ITEM 1.02 TERMINATION OF A MATERIAL DEFINITIVE AGREEMENT.
     On March 5, 2010, prior to entering into the Acquisition Agreement, the Company terminated the previously announced Agreement and Plan of Merger (the “Merger Agreement”), dated as of December 24, 2009, by and among AMICAS, Project Alta Holdings Corp., (“Parent”) and Project Alta Merger Corp. Pursuant to the Merger Agreement, AMICAS paid Parent, an affiliate of Thoma Bravo, LLC, a termination fee of $8.6 million, half of which was reimbursed by Merge.
ITEM 3.03 MATERIAL MODIFICATION TO RIGHTS OF SECURITY HOLDERS.
     On March 5, 2010, the Company entered into an Amendment to the Rights Agreement, dated as of December 5, 2002, as amended, by and between the Company and StockTrans, Inc., as Rights Agent (the “Rights Agreement”), to provide that neither the approval, execution nor delivery of the Acquisition Agreement, nor the consummation of the transactions contemplated thereby will cause (a) the Rights (as such term is defined in the Rights Agreement) to become exercisable, (b) a Distribution Date (as such term is defined in the Rights Agreement) to occur, or (c) a Stock Acquisition Date (as such term is defined in the Rights Agreement) to occur.
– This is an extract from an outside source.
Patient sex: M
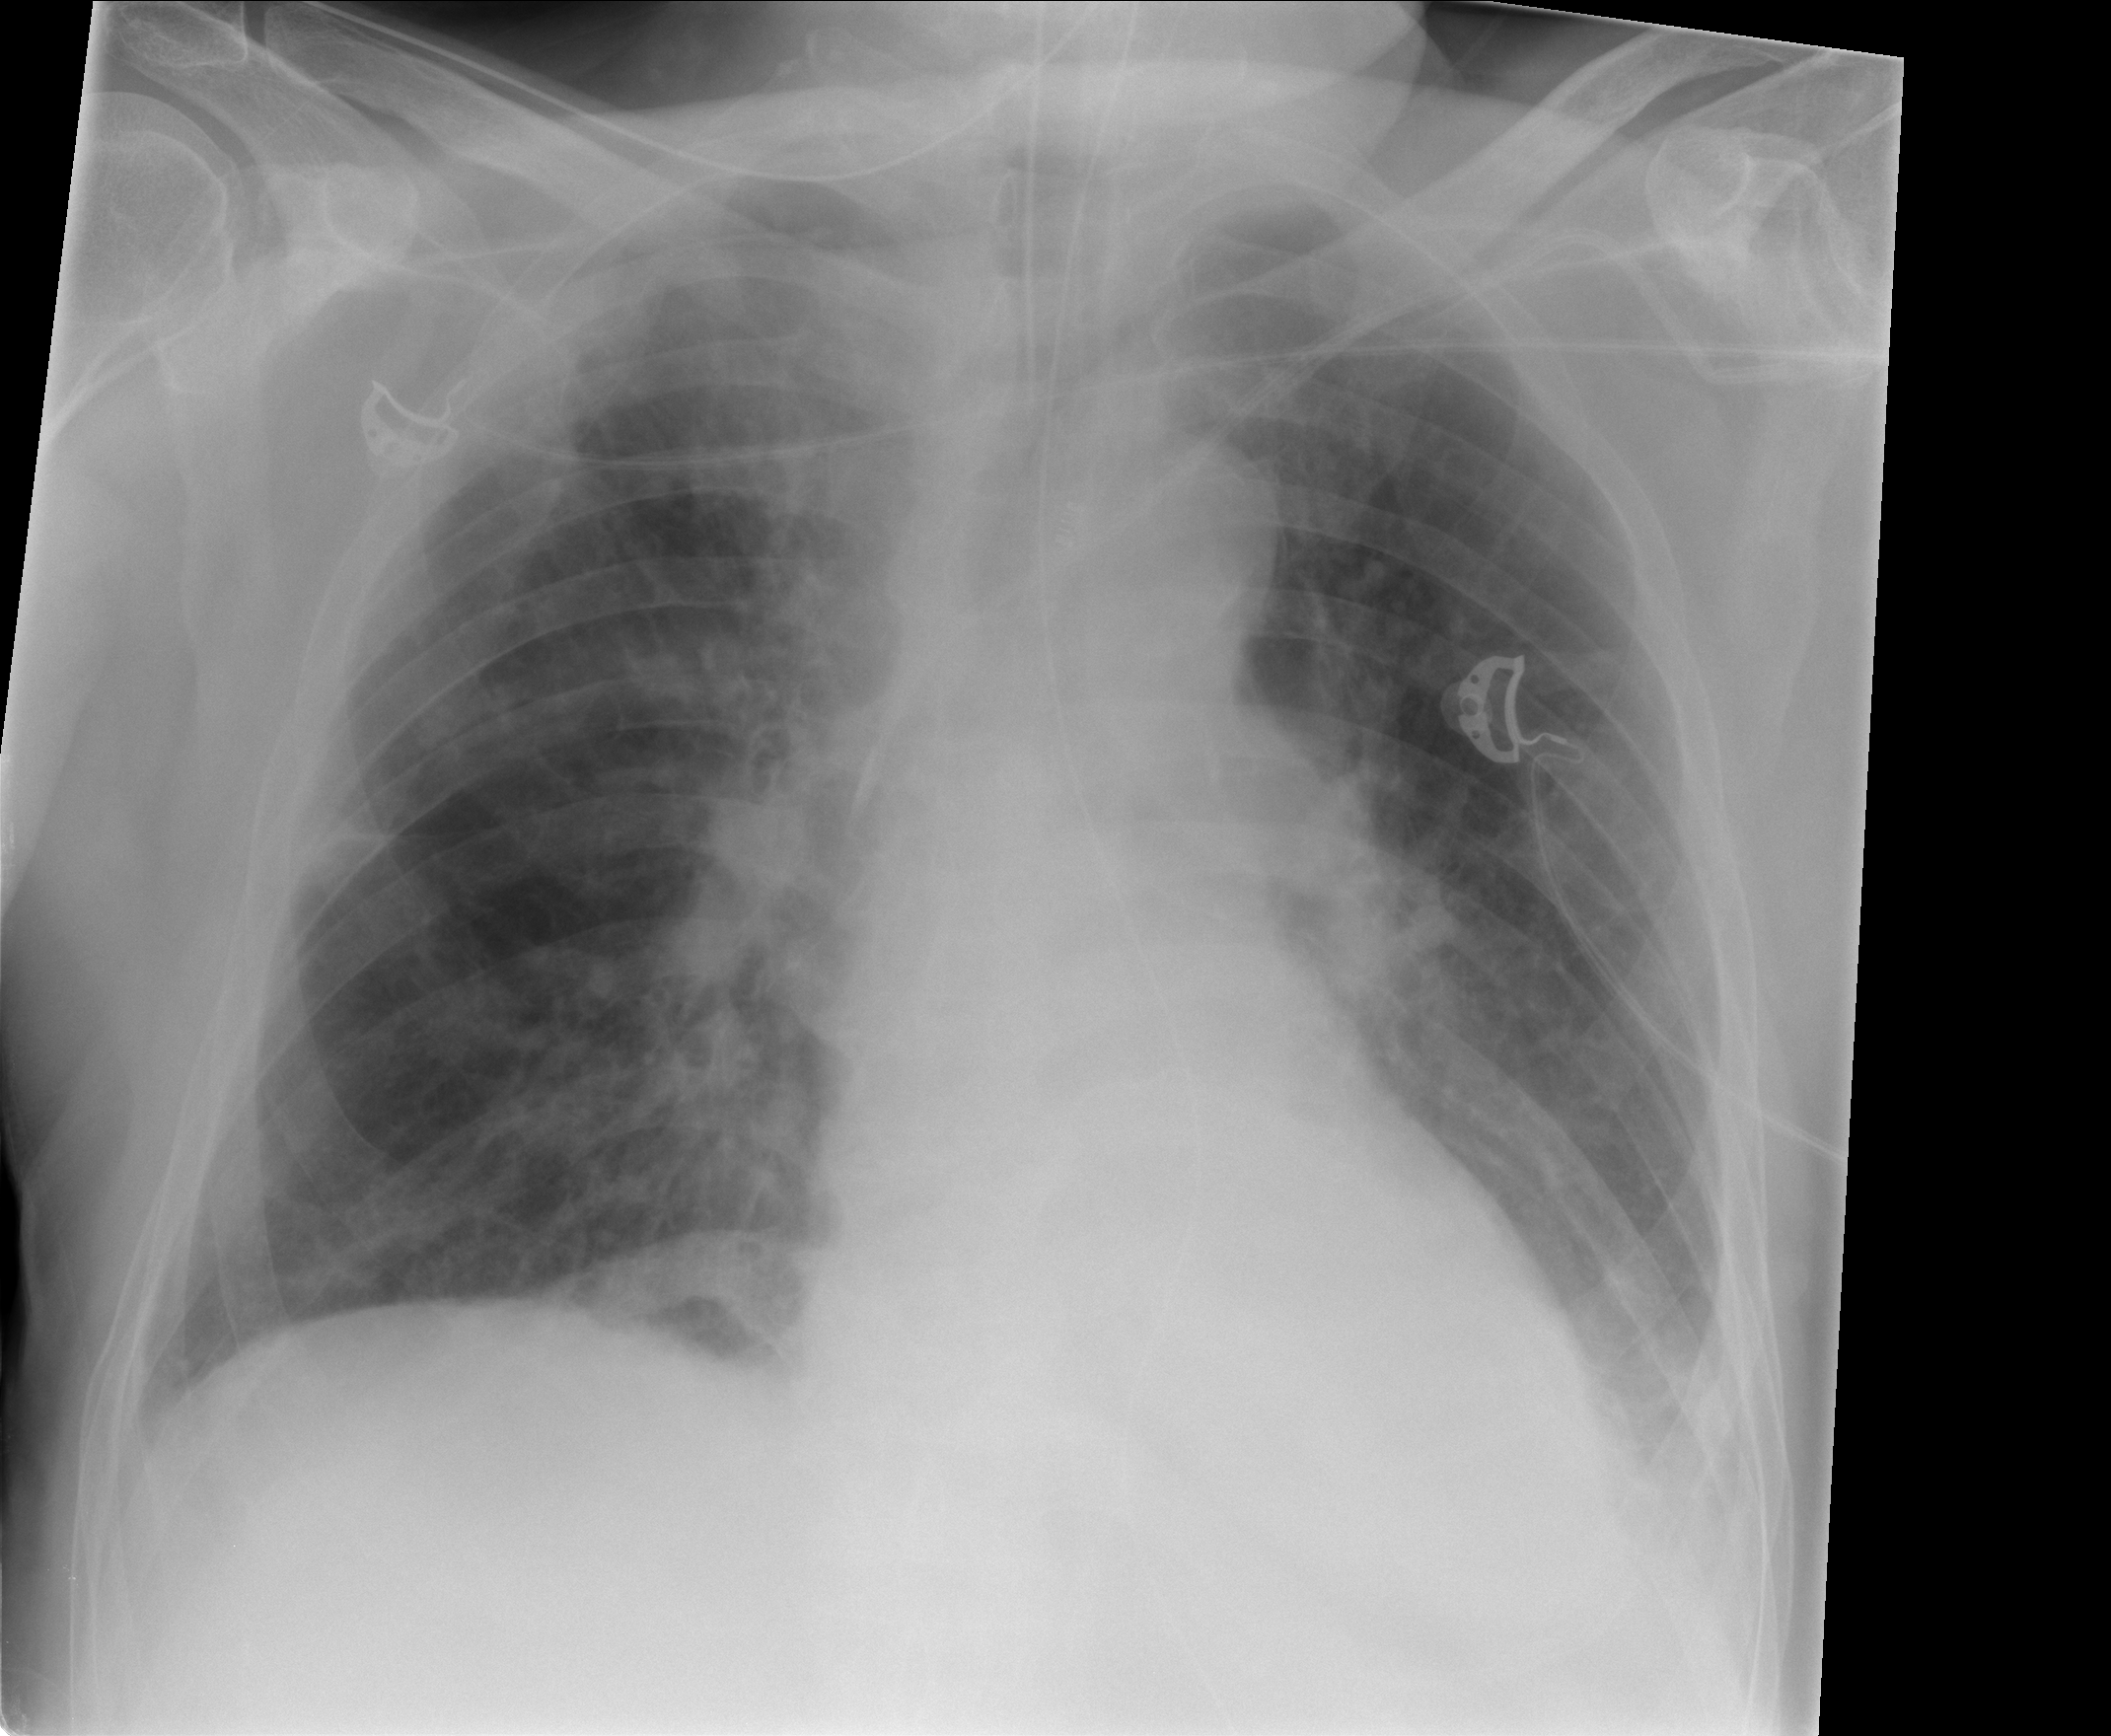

The Amendment also revises the definition of “Acquiring Person”.

 


 

     The foregoing description of the amendment to the Rights Agreement does not purport to be complete and is qualified in its entirety by reference to the full text of the amendment, a copy of which is attached hereto as Exhibit 4.1 and incorporated by reference herein.
ITEM 9.01 FINANCIAL STATEMENTS AND EXHIBITS.
(d) Exhibits.
     
Exhibit No.   Description
 
   
Exhibit 2.1
  Agreement and Plan of Merger, dated as of February 28, 2010, by and among Merge Healthcare Incorporated, Project Ready Corp., and the Company.
 
   
Exhibit 4.1
  Amendment to Rights Agreement, dated as of March 5, 2010, by and between the Company and StockTrans, Inc.

 


 

SIGNATURE
     Pursuant to the requirements of the Securities Exchange Act of 1934, the Registrant has duly caused this report to be signed on its behalf by the undersigned hereunto duly authorized.
         
  AMICAS, INC.
 
 
Date: March 9, 2010  By:   /s/ Craig Newfield    
    Craig Newfield   
    General Counsel & Secretary   

 


 

         
EXHIBIT INDEX
     
Exhibit No.   Description
 
   
Exhibit 2.1
  Agreement and Plan of Merger, dated as of February 28, 2010, by and among Merge Healthcare Incorporated, Project Ready Corp. and the Company.
 
   
Exhibit 4.1
  Amendment to Rights Agreement, dated as of March 5, 2010, by and between the Company and StockTrans, Inc.